24 degree C = 297.15 K

speed of sound = 331 * sqrt(297.15 / 273)

speed of sound = 345.33 m/s

frequency will be lowest when wavelength will be highest and vice versa

frequency = speed / wavelength

frequency = 345.33 / wavelength

for open end pipe

wavelength for nth harmonic =  (2 / n) * L

20 = 345.33 / ((2 / n) * 2.43)

n = 0.28

so for n = 1 the frequency will be lowest

lowest frequency = 345.33 / ((2 / 1) * 2.43)

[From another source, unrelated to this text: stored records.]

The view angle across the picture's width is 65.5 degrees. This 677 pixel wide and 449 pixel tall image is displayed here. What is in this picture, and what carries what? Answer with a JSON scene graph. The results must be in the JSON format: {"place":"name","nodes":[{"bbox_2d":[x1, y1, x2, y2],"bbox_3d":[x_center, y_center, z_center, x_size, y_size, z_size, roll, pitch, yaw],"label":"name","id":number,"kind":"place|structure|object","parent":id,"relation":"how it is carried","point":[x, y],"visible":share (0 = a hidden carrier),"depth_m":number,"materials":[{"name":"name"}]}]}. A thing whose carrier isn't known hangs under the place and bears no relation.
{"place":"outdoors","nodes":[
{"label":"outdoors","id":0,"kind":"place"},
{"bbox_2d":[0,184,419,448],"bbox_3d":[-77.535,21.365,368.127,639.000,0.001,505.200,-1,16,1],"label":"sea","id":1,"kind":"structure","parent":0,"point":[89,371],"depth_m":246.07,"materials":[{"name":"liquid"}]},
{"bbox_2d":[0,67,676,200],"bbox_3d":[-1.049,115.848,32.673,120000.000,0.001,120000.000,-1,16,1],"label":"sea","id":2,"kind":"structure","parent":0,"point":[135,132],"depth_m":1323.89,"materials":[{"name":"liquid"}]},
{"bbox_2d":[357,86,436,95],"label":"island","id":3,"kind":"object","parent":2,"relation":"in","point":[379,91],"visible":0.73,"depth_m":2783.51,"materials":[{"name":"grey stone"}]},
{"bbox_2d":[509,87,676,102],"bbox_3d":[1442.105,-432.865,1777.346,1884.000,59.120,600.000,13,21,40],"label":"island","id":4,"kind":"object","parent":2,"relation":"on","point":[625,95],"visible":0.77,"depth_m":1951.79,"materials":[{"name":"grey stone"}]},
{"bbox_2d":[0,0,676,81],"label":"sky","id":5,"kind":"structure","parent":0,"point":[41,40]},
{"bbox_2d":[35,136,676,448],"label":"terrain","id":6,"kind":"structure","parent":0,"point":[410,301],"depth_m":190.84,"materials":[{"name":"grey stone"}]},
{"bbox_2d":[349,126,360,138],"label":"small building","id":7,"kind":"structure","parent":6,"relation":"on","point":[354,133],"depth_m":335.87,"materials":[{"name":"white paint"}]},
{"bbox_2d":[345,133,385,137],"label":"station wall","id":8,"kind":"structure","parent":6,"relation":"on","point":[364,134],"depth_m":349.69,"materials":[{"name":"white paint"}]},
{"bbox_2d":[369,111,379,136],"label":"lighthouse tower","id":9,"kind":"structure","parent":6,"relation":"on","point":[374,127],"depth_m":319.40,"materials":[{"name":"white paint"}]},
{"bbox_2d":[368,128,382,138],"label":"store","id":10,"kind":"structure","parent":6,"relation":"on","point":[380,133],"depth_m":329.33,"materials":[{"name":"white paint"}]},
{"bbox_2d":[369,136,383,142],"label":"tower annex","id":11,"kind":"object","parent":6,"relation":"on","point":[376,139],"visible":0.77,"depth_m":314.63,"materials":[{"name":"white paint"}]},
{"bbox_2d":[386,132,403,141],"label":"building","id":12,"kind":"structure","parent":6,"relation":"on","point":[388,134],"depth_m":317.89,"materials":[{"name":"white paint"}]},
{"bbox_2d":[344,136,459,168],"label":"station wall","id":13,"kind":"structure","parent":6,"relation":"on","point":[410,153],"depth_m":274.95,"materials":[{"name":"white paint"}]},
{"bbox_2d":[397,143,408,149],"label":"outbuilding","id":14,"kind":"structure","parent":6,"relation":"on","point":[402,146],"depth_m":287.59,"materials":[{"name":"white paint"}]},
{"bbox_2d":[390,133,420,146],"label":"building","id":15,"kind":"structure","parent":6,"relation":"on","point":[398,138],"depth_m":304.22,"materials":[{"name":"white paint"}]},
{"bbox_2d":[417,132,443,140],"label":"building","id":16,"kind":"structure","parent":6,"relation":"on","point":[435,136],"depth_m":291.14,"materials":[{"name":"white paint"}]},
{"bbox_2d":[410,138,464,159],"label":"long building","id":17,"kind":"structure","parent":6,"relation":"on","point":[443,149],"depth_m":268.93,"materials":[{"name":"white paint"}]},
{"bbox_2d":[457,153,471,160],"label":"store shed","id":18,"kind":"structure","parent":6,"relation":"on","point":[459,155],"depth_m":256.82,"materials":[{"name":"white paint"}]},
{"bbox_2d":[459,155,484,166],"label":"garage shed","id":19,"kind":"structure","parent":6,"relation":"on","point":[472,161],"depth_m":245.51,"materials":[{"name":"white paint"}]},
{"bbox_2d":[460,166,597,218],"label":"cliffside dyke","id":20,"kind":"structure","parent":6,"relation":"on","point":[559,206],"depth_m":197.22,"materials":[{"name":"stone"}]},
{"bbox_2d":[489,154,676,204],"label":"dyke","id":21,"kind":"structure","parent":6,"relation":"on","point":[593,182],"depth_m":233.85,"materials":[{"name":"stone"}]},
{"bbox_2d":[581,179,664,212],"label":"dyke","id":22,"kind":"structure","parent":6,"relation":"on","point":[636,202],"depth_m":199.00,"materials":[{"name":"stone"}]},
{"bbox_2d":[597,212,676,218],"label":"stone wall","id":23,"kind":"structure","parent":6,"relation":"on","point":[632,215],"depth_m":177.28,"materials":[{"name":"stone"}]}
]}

lowest frequency = 71.055 Hz

second lowest frequency = 345.33 / ((2 / 2) * 2.43)

second lowest frequency = 142.11 Hz

20000 = 345.33 / ((2 / n) * 2.43)

n = 281.47

so for 281 harmonic the frequency will be highest

highest frequency = 345.33 / ((2 / 281) * 2.43)

highest frequency = 19966.6111 Hz

for closed end pipe

wavelength for nth harmonic =  (4 / n) * L

20 = 345.33 / ((4 / n) * 2.43)

n = 0.56

for n = 1 the frequency will be lowest so,

lowest frequency = 345.33 / ((4 / 1) * 2.43)

lowest frequency = 35.527 Hz

second lowest frequency = 345.33 / ((4 / 3) * 2.43)

second lowest frequency = 106.583 Hz

20000 = 345.33 / ((4 / n) * 2.43)

n = 562.94

so for n = 561 the frequency will be highest

highest frequency = 345.33 / ((4 / 561) * 2.43)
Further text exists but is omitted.